▶ _ASSIGNED TASK_:
Would you copy out only the lines from the one with "Fibrosis: negative" to the end of the records, exactly as they stand?

▶ _INPUT DATA_:
_____
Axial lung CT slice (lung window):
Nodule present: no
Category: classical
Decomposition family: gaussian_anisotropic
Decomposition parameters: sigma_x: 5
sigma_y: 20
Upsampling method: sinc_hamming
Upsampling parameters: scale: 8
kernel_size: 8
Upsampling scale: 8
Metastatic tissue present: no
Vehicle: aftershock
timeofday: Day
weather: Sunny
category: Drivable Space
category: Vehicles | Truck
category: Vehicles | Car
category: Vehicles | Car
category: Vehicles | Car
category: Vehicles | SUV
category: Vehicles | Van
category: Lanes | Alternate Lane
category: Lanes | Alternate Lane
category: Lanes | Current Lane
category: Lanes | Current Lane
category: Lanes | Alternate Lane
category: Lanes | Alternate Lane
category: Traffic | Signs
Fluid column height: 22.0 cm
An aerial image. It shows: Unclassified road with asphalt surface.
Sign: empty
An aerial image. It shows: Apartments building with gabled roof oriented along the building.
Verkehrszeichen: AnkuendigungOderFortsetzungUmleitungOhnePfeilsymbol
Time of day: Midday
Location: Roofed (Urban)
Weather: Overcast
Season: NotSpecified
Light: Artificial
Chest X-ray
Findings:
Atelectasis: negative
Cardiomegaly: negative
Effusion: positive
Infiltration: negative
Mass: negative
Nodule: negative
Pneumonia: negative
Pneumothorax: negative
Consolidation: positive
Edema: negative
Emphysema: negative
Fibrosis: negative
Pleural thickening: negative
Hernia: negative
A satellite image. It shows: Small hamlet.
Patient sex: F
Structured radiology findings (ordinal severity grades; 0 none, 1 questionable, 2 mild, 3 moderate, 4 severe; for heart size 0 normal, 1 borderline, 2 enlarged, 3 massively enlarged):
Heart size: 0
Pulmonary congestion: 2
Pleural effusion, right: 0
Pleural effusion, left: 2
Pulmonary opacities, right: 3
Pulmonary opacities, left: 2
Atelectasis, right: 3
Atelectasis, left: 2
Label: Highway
_____
▶ _TASK OUTPUT_:
Fibrosis: negative
Pleural thickening: negative
Hernia: negative
A satellite image. It shows: Small hamlet.
Patient sex: F
Structured radiology findings (ordinal severity grades; 0 none, 1 questionable, 2 mild, 3 moderate, 4 severe; for heart size 0 normal, 1 borderline, 2 enlarged, 3 massively enlarged):
Heart size: 0
Pulmonary congestion: 2
Pleural effusion, right: 0
Pleural effusion, left: 2
Pulmonary opacities, right: 3
Pulmonary opacities, left: 2
Atelectasis, right: 3
Atelectasis, left: 2
Label: Highway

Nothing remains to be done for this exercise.